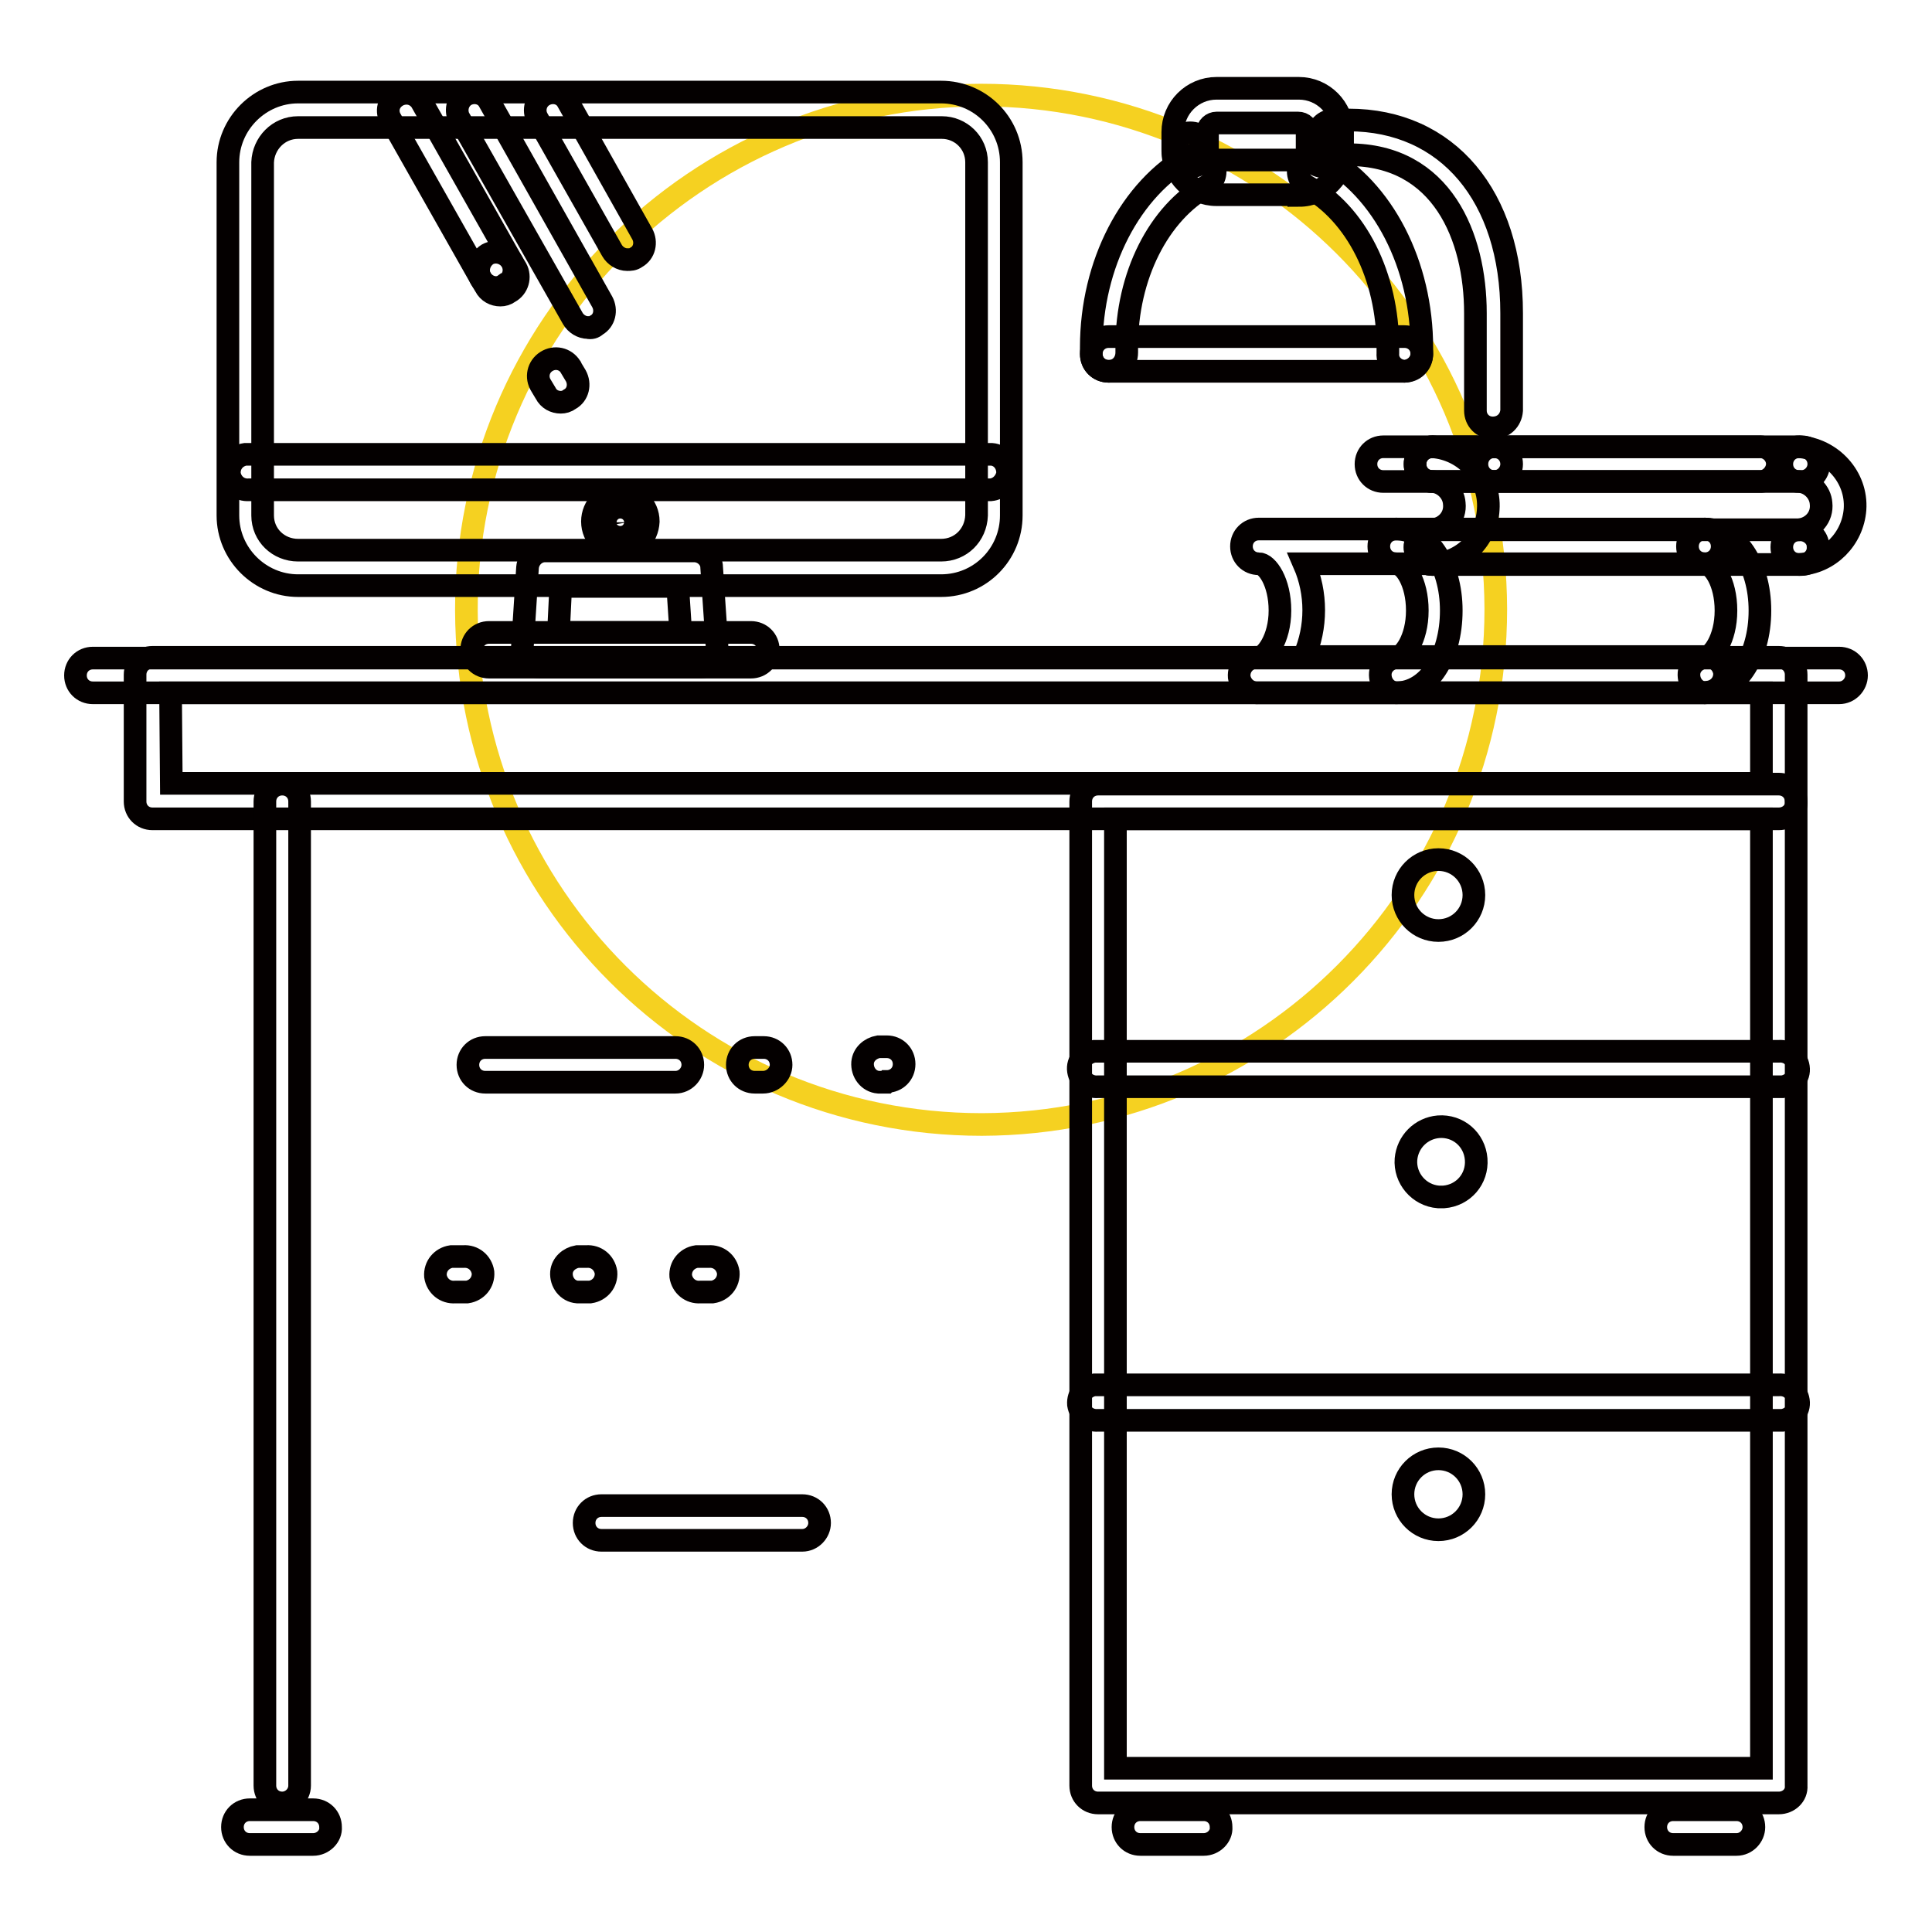 <?xml version="1.0" encoding="utf-8"?>
<!-- Svg Vector Icons : http://www.onlinewebfonts.com/icon -->
<!DOCTYPE svg PUBLIC "-//W3C//DTD SVG 1.1//EN" "http://www.w3.org/Graphics/SVG/1.1/DTD/svg11.dtd">
<svg version="1.1" xmlns="http://www.w3.org/2000/svg" xmlns:xlink="http://www.w3.org/1999/xlink" x="0px" y="0px" viewBox="0 0 256 256" enable-background="new 0 0 256 256" xml:space="preserve">
<g> <path stroke-width="3" fill-opacity="0" stroke="#f5d121"  d="M198.2,80.7c0,37.7-30.5,68.2-68.1,68.3c-37.7,0-68.2-30.5-68.3-68.1s30.5-68.2,68.1-68.3c0,0,0.1,0,0.1,0 C167.6,12.6,198.1,43.1,198.2,80.7z"/> <path stroke-width="3" fill-opacity="0" stroke="#040000"  d="M175.5,22.1c-1.3,0-2.3-1-2.3-2.3l0,0v-2.3c0-0.7-0.5-1.2-1.2-1.2l0,0h-10.8c-0.6,0-1.2,0.5-1.2,1.2l0,0 v2.3c0,1.3-1,2.3-2.3,2.3s-2.3-1-2.3-2.3c0,0,0,0,0,0v-2.3c0-3.2,2.6-5.8,5.8-5.8l0,0h10.9c3.2,0,5.8,2.6,5.8,5.8l0,0v2.3 c0,1.3-1,2.3-2.3,2.3C175.6,22.1,175.5,22.1,175.5,22.1z"/> <path stroke-width="3" fill-opacity="0" stroke="#040000"  d="M186.1,49.2c-1.3-0.1-2.3-1.1-2.2-2.4V46c0-9.4-4.2-17.7-10.7-21.3c-1.1-0.6-1.5-2-0.9-3.1c0,0,0,0,0,0 c0.6-1,1.9-1.4,3-0.9c8,4.4,13.1,14.4,13.1,25.4v0.9C188.3,48.2,187.3,49.1,186.1,49.2L186.1,49.2z M146.9,49.2 c-1.3,0-2.3-1-2.3-2.3V46c0-11,5.2-21,13.1-25.4c1.2-0.5,2.5,0,3.1,1.1c0.5,1.1,0.1,2.3-0.8,2.9c-6.5,3.6-10.7,12-10.7,21.3v0.8 C149.3,48.1,148.3,49.2,146.9,49.2C147,49.2,147,49.2,146.9,49.2L146.9,49.2z"/> <path stroke-width="3" fill-opacity="0" stroke="#040000"  d="M186.1,49.2h-39.2c-1.3,0-2.3-1-2.3-2.3c0-1.3,1-2.3,2.3-2.3h39.2c1.3,0,2.3,1,2.3,2.3 C188.4,48.2,187.4,49.2,186.1,49.2L186.1,49.2z M172,25.8h-10.8c-3.2,0-5.8-2.6-5.8-5.8l0,0c0-1.3,1-2.4,2.3-2.4 c1.3,0,2.3,1,2.3,2.2c0,0,0,0,0,0V20c0,0.6,0.5,1.2,1.2,1.2l0,0h10.9c0.7,0,1.2-0.5,1.2-1.2l0,0c0-1.3,1-2.4,2.3-2.4 c1.2,0,2.3,0.9,2.3,2.2c0,0,0,0,0,0.1c0.1,3.3-2.5,6-5.8,6C172.1,25.8,172,25.8,172,25.8L172,25.8z"/> <path stroke-width="3" fill-opacity="0" stroke="#040000"  d="M197.8,56.7c-1.3,0-2.3-1-2.3-2.3l0,0V41.5c0-10.1-4.4-21-16.8-21h-1.9c-1.3,0-2.3-1-2.3-2.3 c0-1.3,1-2.3,2.3-2.3h1.9c13.1,0,21.6,10.1,21.6,25.6v12.9C200.2,55.7,199.2,56.7,197.8,56.7C197.9,56.7,197.8,56.7,197.8,56.7z  M74.3,53.3c-0.8,0-1.6-0.4-2-1.2l-0.6-1c-0.7-1.1-0.4-2.5,0.7-3.2c1.1-0.7,2.5-0.4,3.2,0.7c0.1,0.1,0.1,0.2,0.1,0.2l0.6,1 c0.6,1.1,0.3,2.5-0.8,3.1c0,0,0,0,0,0C75.1,53.2,74.7,53.3,74.3,53.3z M66.3,39.1c-0.8,0-1.6-0.4-2-1.2l-0.6-1 c-0.6-1.1-0.2-2.5,0.9-3.2c1.1-0.6,2.5-0.2,3.2,0.9l0.6,1c0.6,1.1,0.2,2.5-0.9,3.1C67.1,39,66.7,39.1,66.3,39.1L66.3,39.1z"/> <path stroke-width="3" fill-opacity="0" stroke="#040000"  d="M65.7,38.1c-0.8,0-1.6-0.5-2-1.2l-12-21.2c-0.6-1.2-0.1-2.5,1.1-3.1c1.1-0.5,2.3-0.2,3,0.8l12,21.2 c0.6,1.1,0.3,2.5-0.8,3.1c0,0,0,0-0.1,0C66.5,38,66.1,38.1,65.7,38.1z M77.9,43.4c-0.8,0-1.6-0.5-2-1.2L60.8,15.6 c-0.5-1.1-0.1-2.4,0.9-3c1.1-0.6,2.5-0.3,3.1,0.8c0,0,0,0,0,0l15,26.6c0.6,1.1,0.3,2.5-0.8,3.1c0,0,0,0,0,0 C78.7,43.4,78.3,43.5,77.9,43.4z M83.1,34.4c-0.8,0-1.6-0.5-2-1.2l-9.9-17.5c-0.6-1.1-0.2-2.5,0.9-3.1c1.1-0.6,2.5-0.3,3.1,0.8 c0,0,0,0,0,0L85.1,31c0.6,1.1,0.3,2.5-0.8,3.1c0,0,0,0,0,0C83.9,34.4,83.5,34.4,83.1,34.4z"/> <path stroke-width="3" fill-opacity="0" stroke="#040000"  d="M124.7,77.6H39.5c-5.1,0-9.3-4.2-9.3-9.3l0,0V21.5c0-5.1,4.2-9.3,9.3-9.3h85.2c5.1,0,9.3,4.1,9.3,9.3v46.8 C134,73.4,129.9,77.6,124.7,77.6z M39.5,16.9c-2.6,0-4.6,2.1-4.7,4.6v46.8c0,2.6,2.1,4.6,4.7,4.6h85.2c2.6,0,4.6-2,4.7-4.6 c0,0,0,0,0,0V21.5c0-2.6-2.1-4.6-4.6-4.6c0,0,0,0,0,0H39.5z"/> <path stroke-width="3" fill-opacity="0" stroke="#040000"  d="M131.3,64.9H33c-1.3,0.1-2.4-0.8-2.6-2.1c-0.1-1.3,0.8-2.4,2.1-2.6c0.2,0,0.3,0,0.5,0h98.4 c1.3,0.1,2.2,1.3,2.1,2.6C133.3,63.9,132.4,64.8,131.3,64.9z"/> <path stroke-width="3" fill-opacity="0" stroke="#040000"  d="M82.2,72.8c-2,0-3.7-1.6-3.7-3.7c0-2,1.6-3.7,3.7-3.7c2,0,3.7,1.6,3.7,3.7C85.8,71.2,84.2,72.8,82.2,72.8 L82.2,72.8z M82.2,68.2c-0.5,0-1,0.4-1,1c0,0.5,0.4,1,1,1c0.5,0,1-0.4,1-1C83.1,68.6,82.7,68.2,82.2,68.2z M92.8,88.4H71.5 c-0.6,0-1.3-0.3-1.7-0.7c-0.4-0.5-0.7-1.1-0.6-1.7l0.7-10.8c0.1-1.2,1.1-2.2,2.3-2.2H92c1.2,0,2.3,1,2.3,2.2L95,85.5 c0,0.2,0,0.4,0,0.6C95,87.4,94,88.4,92.8,88.4z M74,83.8h16.2l-0.4-6.1H74.3L74,83.8z"/> <path stroke-width="3" fill-opacity="0" stroke="#040000"  d="M99.5,88.4H64.8c-1.3,0-2.3-1-2.3-2.3c0-1.3,1-2.3,2.3-2.3h34.7c1.3,0,2.3,1,2.3,2.3 C101.8,87.4,100.8,88.4,99.5,88.4z"/> <path stroke-width="3" fill-opacity="0" stroke="#040000"  d="M235.7,108.5H20.2c-1.3,0-2.3-1-2.3-2.3V89.4c0-1.3,1-2.3,2.3-2.3h215.5c1.3,0,2.3,1,2.3,2.3l0,0v16.8 C238.1,107.5,237,108.5,235.7,108.5L235.7,108.5z M22.7,103.8h210.7V91.8H22.6L22.7,103.8z"/> <path stroke-width="3" fill-opacity="0" stroke="#040000"  d="M243.7,91.8H12.3c-1.3,0-2.3-1-2.3-2.3c0-1.3,1-2.3,2.3-2.3h231.4c1.3,0,2.3,1,2.3,2.3 C246,90.7,245,91.8,243.7,91.8z M235.7,238.9h-90.2c-1.3,0-2.3-1-2.3-2.3l0,0V106.2c0-1.3,1-2.3,2.3-2.3l0,0h90.2 c1.3,0,2.3,1,2.3,2.3l0,0v130.4C238.1,237.9,237,238.9,235.7,238.9L235.7,238.9L235.7,238.9z M147.8,234.3h85.6V108.5h-85.6V234.3z "/> <path stroke-width="3" fill-opacity="0" stroke="#040000"  d="M235.7,144h-90.2c-1.3,0.1-2.4-0.8-2.6-2.1s0.8-2.4,2.1-2.6c0.2,0,0.3,0,0.5,0h90.2 c1.3-0.1,2.4,0.8,2.6,2.1s-0.8,2.4-2.1,2.6C236.1,144,235.9,144,235.7,144z M235.7,188.2h-90.2c-1.3,0.1-2.4-0.8-2.6-2.1 c-0.1-1.3,0.8-2.4,2.1-2.6c0.2,0,0.3,0,0.5,0h90.2c1.3-0.1,2.4,0.8,2.6,2.1s-0.8,2.4-2.1,2.6C236.1,188.2,235.9,188.2,235.7,188.2z  M190.6,123.3c-2.6,0-4.7-2.1-4.7-4.7c0-2.6,2.1-4.7,4.7-4.7s4.7,2.1,4.7,4.7C195.3,121.2,193.2,123.3,190.6,123.3 C190.6,123.3,190.6,123.3,190.6,123.3z M190.6,158.6c-2.6-0.2-4.5-2.5-4.3-5c0.2-2.3,2-4.1,4.3-4.3c2.6-0.2,4.8,1.7,5,4.3 c0.2,2.6-1.7,4.8-4.3,5C191.1,158.6,190.9,158.6,190.6,158.6z M190.6,202.7c-2.6,0-4.7-2.1-4.7-4.7c0-2.6,2.1-4.7,4.7-4.7 s4.7,2.1,4.7,4.7C195.3,200.6,193.2,202.7,190.6,202.7C190.6,202.7,190.6,202.7,190.6,202.7z M159.5,244.4h-8.4 c-1.3,0-2.3-1-2.3-2.3c0-1.3,1-2.3,2.3-2.3h8.4c1.3,0,2.3,1,2.3,2.3C161.9,243.3,160.8,244.4,159.5,244.4 C159.5,244.4,159.5,244.4,159.5,244.4z M41.5,244.4h-8.4c-1.3,0-2.3-1-2.3-2.3c0-1.3,1-2.3,2.3-2.3h8.4c1.3,0,2.3,1,2.3,2.3 C43.9,243.3,42.8,244.4,41.5,244.4C41.5,244.4,41.5,244.4,41.5,244.4z M230.1,244.4h-8.4c-1.3,0-2.3-1-2.3-2.3c0-1.3,1-2.3,2.3-2.3 h8.4c1.3,0,2.3,1,2.3,2.3C232.4,243.3,231.4,244.4,230.1,244.4C230.1,244.4,230.1,244.4,230.1,244.4z M37.4,238.9 c-1.3,0-2.3-1-2.3-2.3l0,0V106.2c0-1.3,1-2.3,2.3-2.3c1.3,0,2.3,1,2.3,2.3v130.4C39.7,237.9,38.6,238.9,37.4,238.9L37.4,238.9 L37.4,238.9z M233.4,63.8H198c-1.3,0-2.3-1-2.3-2.3c0-1.3,1-2.3,2.3-2.3h35c1.3-0.1,2.4,0.9,2.5,2.1 C235.6,62.5,234.6,63.7,233.4,63.8z"/> <path stroke-width="3" fill-opacity="0" stroke="#040000"  d="M198,63.8h-14.7c-1.3,0-2.3-1-2.3-2.3c0-1.3,1-2.3,2.3-2.3H198c1.3,0,2.3,1,2.3,2.3 C200.3,62.7,199.3,63.8,198,63.8z"/> <path stroke-width="3" fill-opacity="0" stroke="#040000"  d="M238.7,63.8h-48.9c-1.3,0-2.3-1-2.3-2.3c0-1.3,1-2.3,2.3-2.3h48.9c1.3,0,2.3,1,2.3,2.3 C241,62.7,240,63.8,238.7,63.8z M238.7,74.8h-48.9c-1.3,0-2.3-1-2.3-2.3c0-1.3,1-2.3,2.3-2.3h48.7c1.3,0,2.4,1,2.4,2.2 C241,73.7,240,74.8,238.7,74.8L238.7,74.8z"/> <path stroke-width="3" fill-opacity="0" stroke="#040000"  d="M189.8,74.8c-1.3,0-2.3-1-2.3-2.3c0-1.3,1-2.3,2.3-2.3c1.8-0.2,3.1-1.7,2.9-3.5c-0.1-1.5-1.4-2.8-2.9-2.9 c-1.3,0-2.3-1-2.3-2.3s1-2.3,2.3-2.3l0,0c4.3,0.3,7.7,4,7.4,8.3C197,71.4,193.8,74.6,189.8,74.8z M238.4,74.8c-1.3,0-2.3-1-2.3-2.3 c0-1.3,1-2.3,2.3-2.3c0,0,0,0,0,0c1.8-0.2,3.1-1.7,2.9-3.5c-0.1-1.5-1.4-2.8-2.9-2.9c-1.3,0-2.3-1-2.3-2.3s1-2.3,2.3-2.3 c4.3,0.3,7.7,4,7.4,8.3C245.5,71.4,242.4,74.6,238.4,74.8z"/> <path stroke-width="3" fill-opacity="0" stroke="#040000"  d="M225.9,91.8h-59.1c-1.3,0.1-2.4-0.8-2.6-2.1c-0.1-1.3,0.8-2.4,2.1-2.6c0.2,0,0.3,0,0.5,0 c0.9,0,2.8-2.4,2.8-6.2s-1.7-6.2-2.8-6.2c-1.3,0-2.3-1-2.3-2.3c0-1.3,1-2.3,2.3-2.3h59.1c1.3,0,2.3,1,2.3,2.3s-1,2.3-2.3,2.3 c0,0,0,0,0,0h-53.1c1.7,3.9,1.7,8.4,0,12.3h53.1c1.3-0.1,2.4,0.8,2.6,2.1c0.1,1.3-0.8,2.4-2.1,2.6 C226.3,91.8,226.1,91.8,225.9,91.8z"/> <path stroke-width="3" fill-opacity="0" stroke="#040000"  d="M225.9,91.8c-1.3-0.1-2.2-1.3-2.1-2.6c0.1-1.1,1-1.9,2.1-2.1c1,0,2.8-2.4,2.8-6.2s-1.7-6.2-2.8-6.2 c-1.3,0-2.3-1-2.3-2.3c0-1.3,1-2.3,2.3-2.3c4.1,0,7.3,4.7,7.3,10.8C233.2,87.1,230,91.8,225.9,91.8z M185,91.8 c-1.3-0.1-2.2-1.3-2.1-2.6c0.1-1.1,1-1.9,2.1-2.1c1,0,2.8-2.4,2.8-6.2s-1.7-6.2-2.8-6.2c-1.3,0-2.3-1-2.3-2.3c0-1.3,1-2.3,2.3-2.3 c4.1,0,7.3,4.7,7.3,10.8C192.3,87.1,189.2,91.8,185,91.8z M117.4,143.4h-1c-1.3-0.1-2.2-1.3-2.1-2.6c0.1-1.1,1-1.9,2.1-2.1h1.1 c1.3,0,2.3,1,2.3,2.3c0,1.3-1,2.3-2.3,2.3L117.4,143.4z M101.1,143.4H100c-1.3,0-2.3-1-2.3-2.3c0-1.3,1-2.3,2.3-2.3h1.2 c1.3,0,2.3,1,2.3,2.3C103.5,142.3,102.4,143.4,101.1,143.4z M89.5,143.4H64.3c-1.3,0-2.3-1-2.3-2.3c0-1.3,1-2.3,2.3-2.3h25.2 c1.3,0,2.3,1,2.3,2.3C91.8,142.3,90.8,143.4,89.5,143.4z M106.3,204.1H79.7c-1.3,0-2.3-1-2.3-2.3c0-1.3,1-2.3,2.3-2.3h26.6 c1.3,0,2.3,1,2.3,2.3C108.6,203,107.6,204.1,106.3,204.1C106.3,204.1,106.3,204.1,106.3,204.1z M93.9,171.2h-1.1 c-1.3,0.1-2.4-0.8-2.6-2.1c-0.1-1.3,0.8-2.4,2.1-2.6c0.2,0,0.3,0,0.5,0h1.1c1.3-0.1,2.4,0.8,2.6,2.1c0.1,1.3-0.8,2.4-2.1,2.6 C94.2,171.2,94.1,171.2,93.9,171.2z M77.7,171.2h-1.2c-1.3-0.1-2.2-1.3-2.1-2.6c0.1-1.1,1-1.9,2.1-2.1h1.2c1.3-0.1,2.4,0.8,2.6,2.1 c0.1,1.3-0.8,2.4-2.1,2.6C78,171.2,77.8,171.2,77.7,171.2z M61.4,171.2h-1.1c-1.3,0.1-2.4-0.8-2.6-2.1c-0.1-1.3,0.8-2.4,2.1-2.6 c0.2,0,0.3,0,0.5,0h1.1c1.3-0.1,2.4,0.8,2.6,2.1c0.1,1.3-0.8,2.4-2.1,2.6C61.7,171.2,61.6,171.2,61.4,171.2z"/></g>
</svg>
- - - - - - -
PROMPT: Considering only the data above, return the lines in which "http" occurs.

WRITTEN REPLY:
<!-- Svg Vector Icons : http://www.onlinewebfonts.com/icon -->
<!DOCTYPE svg PUBLIC "-//W3C//DTD SVG 1.1//EN" "http://www.w3.org/Graphics/SVG/1.1/DTD/svg11.dtd">
<svg version="1.1" xmlns="http://www.w3.org/2000/svg" xmlns:xlink="http://www.w3.org/1999/xlink" x="0px" y="0px" viewBox="0 0 256 256" enable-background="new 0 0 256 256" xml:space="preserve">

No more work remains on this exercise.